トップへ
 

日誌

今日の南京 >> 記事詳細

2014/04/06

3月27日 特設講義 刈間文俊先生『映画と字幕翻訳』

Tweet ThisSend to Facebook | by:LAPスタッフ

 先週の食事の際、南京大日本語学科学生がした、ふとした質問がきっかけとなり、刈間先生が急遽映画字幕の翻訳に関する特設講義を開講することになりました。

昨今、中国のネットには、字幕がついた海外映画やドラマが多くあります。これらの字幕は、ボランティアにより制作されたものです。南京大学にも字幕翻訳のボランティアの仕事をしている学生たちがおり、彼らは自分で翻訳のスキルを磨きながら、字幕の翻訳作業を行っています。そこで、刈間先生は彼らにご自身の翻訳・字幕制作の経験を伝えることを目的に、実習を含んだ特設講義を企画、開催しました。

講義では、先生はまず日中映画字幕の歴史について簡単に紹介されました。サイレント映画時代は、日本映画には活弁士がつくことに対し、中国映画には字幕がついていました。こうした状況はトーキー映画の登場により変化し、日本映画にも字幕がつくことになり、他方中国映画では吹き替えが流行しました。吹き替え、字幕それぞれに長所があり、吹き替えは映画の内容を分かりやすく伝え、他方字幕は観客に外国の生の情報・雰囲気を直接に感じさせます。

刈間先生は学生時代に山崎剛太郎先生について、字幕翻訳の仕事を始めました。その当時、字幕制作は一回の映写で字幕を完成しなければならず、失敗は許されません。
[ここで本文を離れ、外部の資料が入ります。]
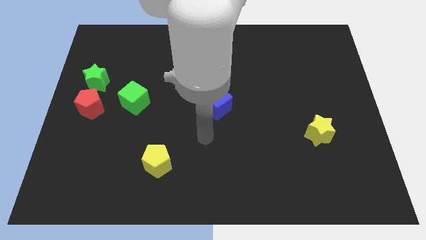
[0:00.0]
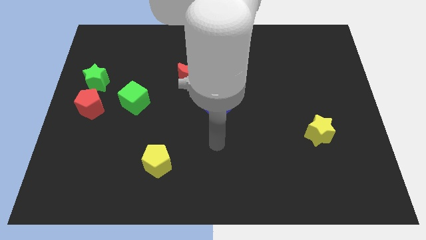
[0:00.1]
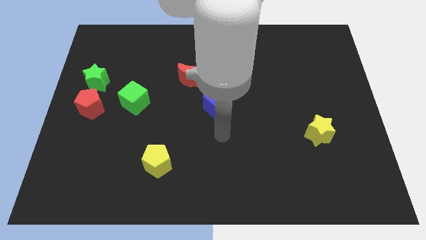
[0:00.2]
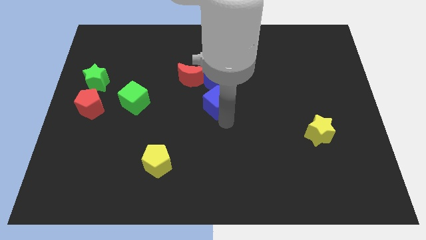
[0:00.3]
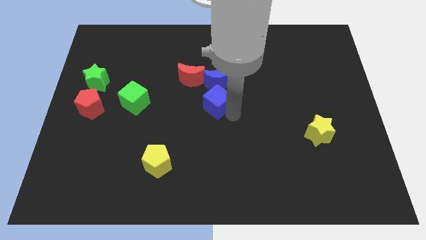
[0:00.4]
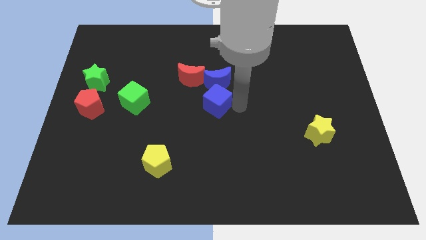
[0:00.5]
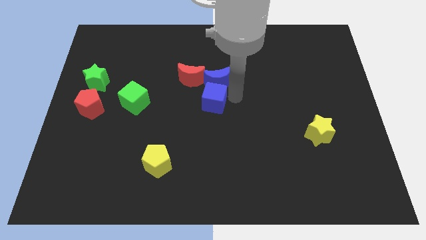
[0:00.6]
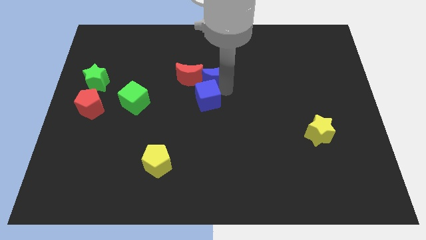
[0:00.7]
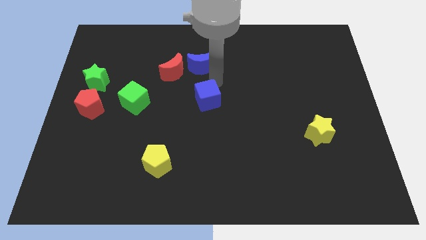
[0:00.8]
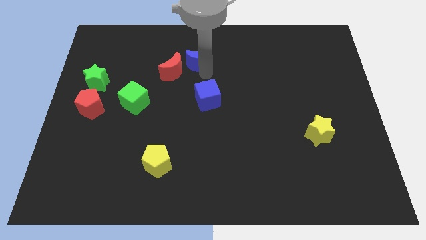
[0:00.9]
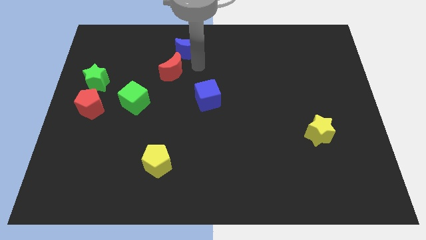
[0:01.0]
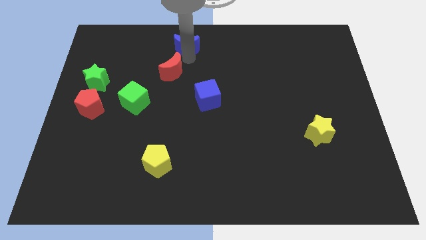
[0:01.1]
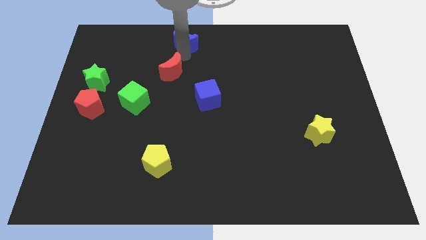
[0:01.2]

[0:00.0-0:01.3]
separate the red moon from the blue moon

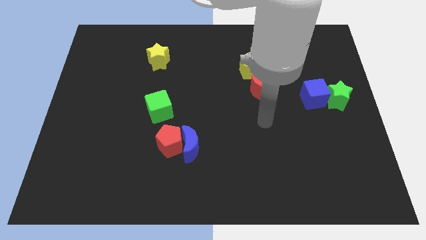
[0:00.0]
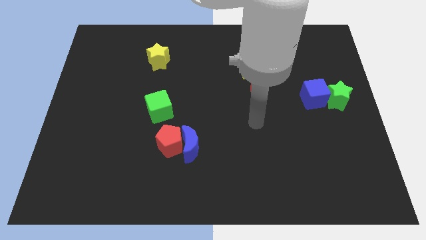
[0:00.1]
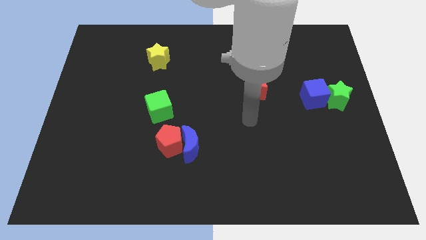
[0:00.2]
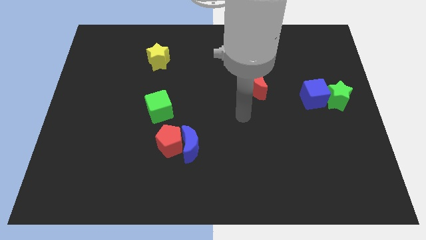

35ミリフィルムに字幕を入れる方法は、フィルムに一コマずつ(1)金属の型で打つ、(2)薬品で脱色する、という2つの方法がありました。1970年代から80年代の中国映画は、費用の安い(1)の方法が多かったようです。

字幕の歴史の概説に続いて、刈間先生は映画字幕翻訳・制作の技術と考え方を解説されました。映画の主役は映像、画面であり、字幕はあくまで情報を追加するための補助です。また字幕は単なる翻訳ではなく、字幕には映画構成の一部としての「演出」が求められます。つまり、字幕は観客に「読ませる」ものではなく、会話の流れの中で、登場人物の感情の変化や展開される主張を明示するものでなくてはなりません。このような字幕を作るには様々な技術と工夫が必要です。例えば、読みやすい字幕の目安は1秒に4文字で、良い訳は言葉を短くするのではなく、ポイントをつかみ、瞬時に感情や言葉の背景にある意味を提示することが求められます。

授業の後半には、陳凱歌監督に依頼されて刈間先生が字幕をつけた『捜索』2012年)を実践例として、受講者たちにも実際に訳してもらいながら、翻訳のポイントを説明しました。このような実習を通して、受講学生たちに、いかに監督の意図を尊重し、映画の登場人物の心理を分析し、その性格を的確に表現した字幕をつくるか、その実践方法を教授されました。